More mud pies please Miss

20th September 1996 at 01:00
EDRY McCORMICK TALKS TO SUE PALMER. All my favourite lessons now are science lessons, although I didn't do any science GCEs myself. About nine years ago - after I'd been teaching for 20-odd years - the head of infants asked me to do a science courseIand then the head asked me to be science co-ordinator for the school! I was shaking at the knees, but we've got a brilliant science team in Wigan. They reassured me that someone without science training might actually find it easier to get the ideas over to the children. And they're there to help if I get stuck.

I worked out some lessons on capillary action for last year's Year 2 when we were doing Forces - you know, "pushes and pulls" - but Ofsted came and we didn't manage to fit all the work in, so I'm looking forward to doing it properly this year. People probably know the first experiment, when you put two white flowers (narcissi are good) in jars, one of which has food colouring in its water. I do this as a class lesson, because then you can discuss what might happen, and talk about the idea of a fair test.

We all observed the flowers as we got on with class work, and within a day - "Look, look, Miss - I can see a blue line on this petal!" Over two days it got bluer and bluer and the children were fascinated - they kept making detours to look at it, and some tried it at home with different food colours. Anyway, there was lots more discussion about why it happened, and I told them about capillary action, how it "pulls" the liquid up the narrow veins in the stem.

The second experiment, using one of the trays the children keep their books in, is a little less obvious.

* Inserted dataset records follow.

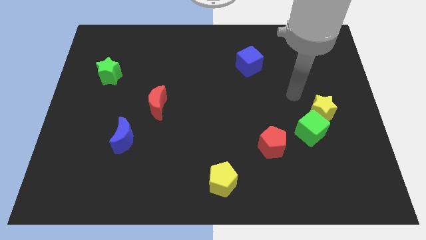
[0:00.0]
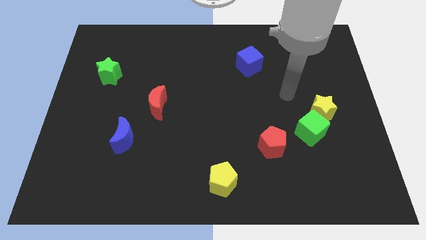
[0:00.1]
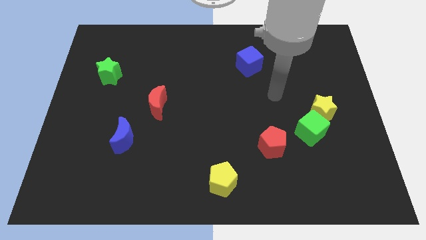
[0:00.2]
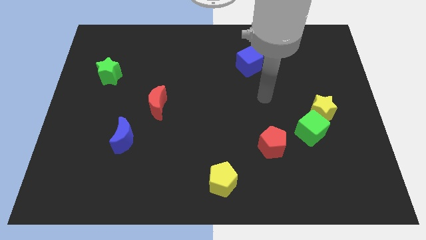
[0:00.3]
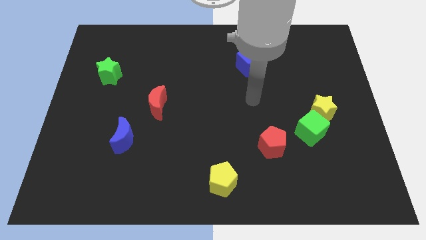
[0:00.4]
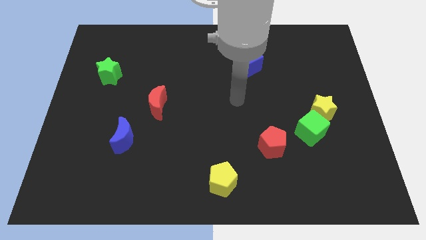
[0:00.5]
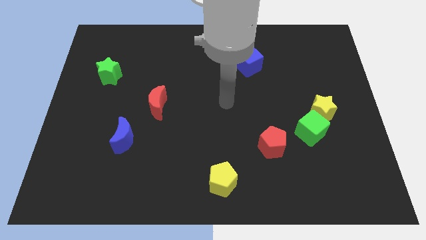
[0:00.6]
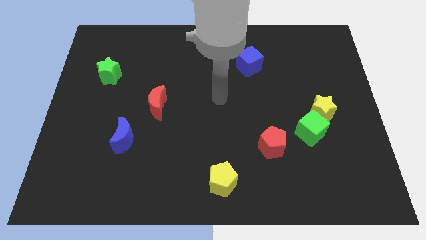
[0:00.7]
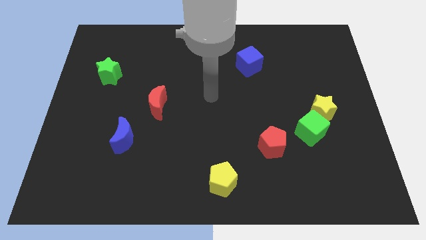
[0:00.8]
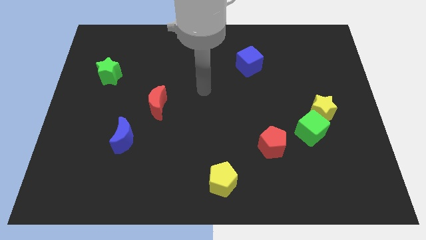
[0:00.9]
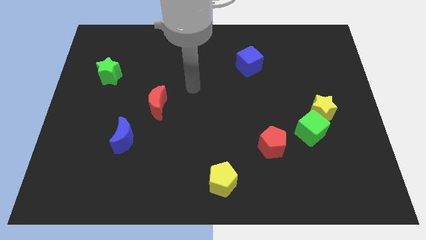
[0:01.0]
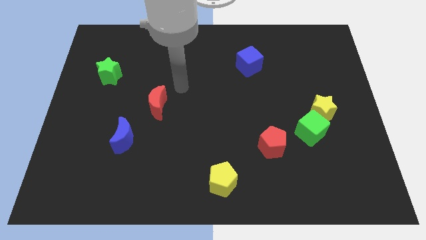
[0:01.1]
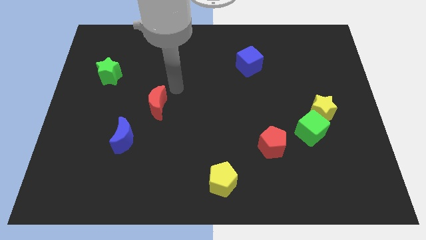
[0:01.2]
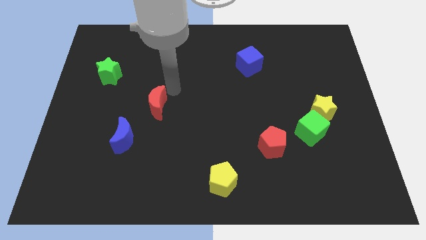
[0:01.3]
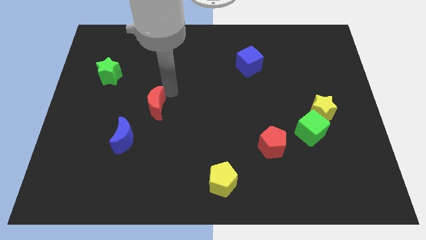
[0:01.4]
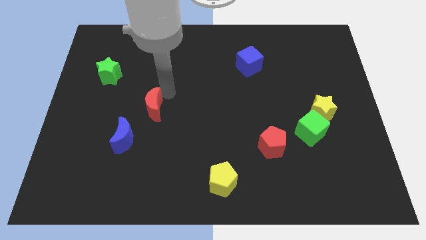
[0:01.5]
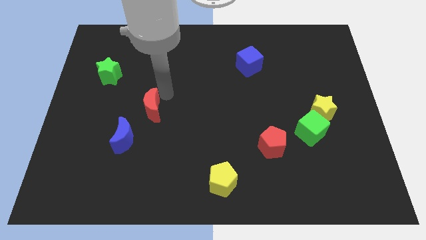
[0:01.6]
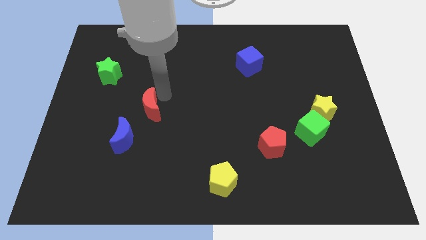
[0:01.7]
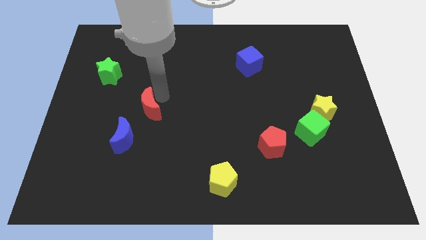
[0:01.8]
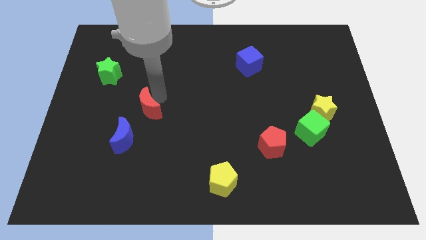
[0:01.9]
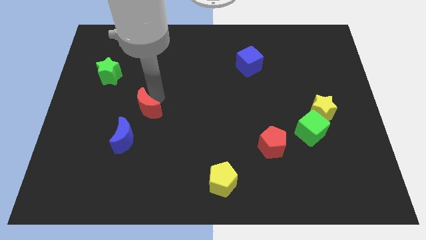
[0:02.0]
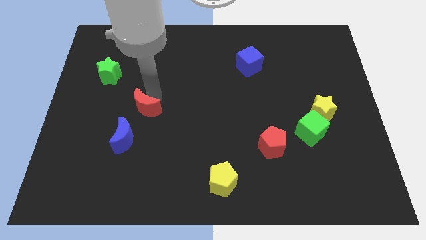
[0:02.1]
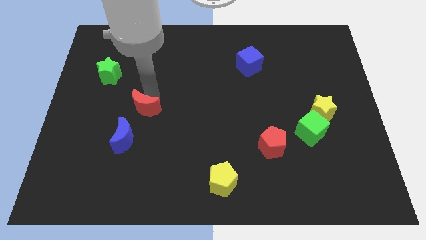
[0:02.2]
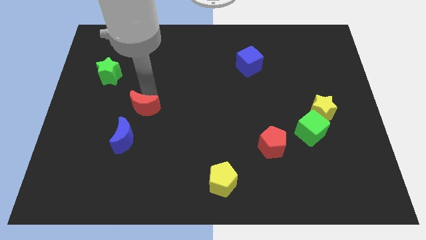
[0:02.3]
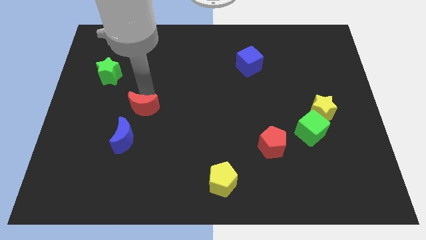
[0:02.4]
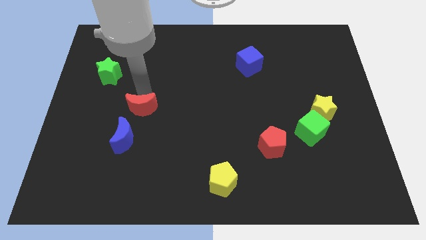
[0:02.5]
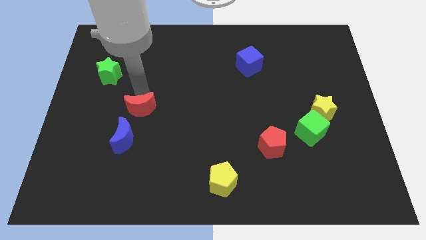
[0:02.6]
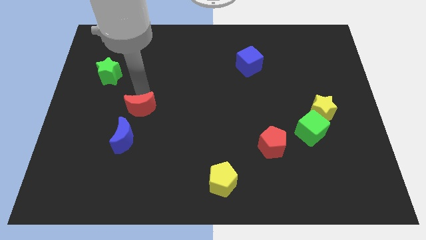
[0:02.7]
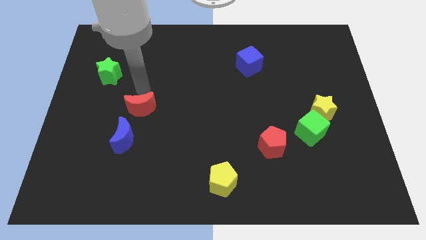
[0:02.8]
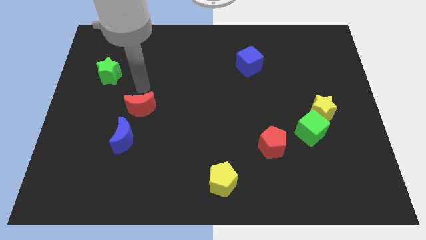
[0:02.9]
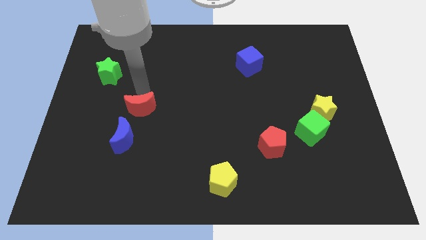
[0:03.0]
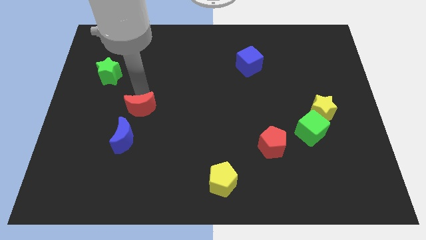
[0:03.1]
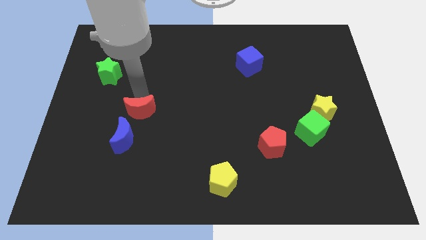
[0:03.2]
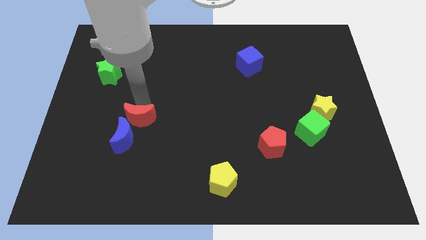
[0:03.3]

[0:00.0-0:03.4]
slide the red moon close to the blue moon

Two of the class collected dirt and grit to mix up with water. They loved this of course. With a class lesson, you can ensure there's discussion and questioning at every level. I asked them how we could get clean water again out of the muddy mess in the tray. There were lots of weird and wonderful ideas, but most of them thought I'd have to sieve it - they couldn't see how capillary action could help.

Well, this is how it is done. You put the mud tray up high with another empty tray placed beside it at a lower level. Drape a tea-towel into the mud, up over the lip of the tray, then down into the empty tray. The water from the mud is drawn up into the fibres of the tea towel by capillary action, then drains down into the empty tray. I didn't explain - I just did it and left it to see what happened.

The next morning, the children were amazed. "Miss, Miss, look - it's clean water!" All day it was "Look, Miss, there's more in!" Eventually all that was left in the higher tray was hardened mud. It gave us loads to talk about: "Is it really clean water - could we drink it?" "How do you know if water's clean?" and above all, "How did it happen?" They'd learned enough about capillary action from the first experiment for two pupils to work it out for themselves. There were two follow-up experiments the children could do on their own, but last year I couldn't fit them in. That's the problem with the national curriculum - you have to keep rushing on to something else. I don't mind the structure, but I'd prefer not to be so restricted - you need time to follow children's interests.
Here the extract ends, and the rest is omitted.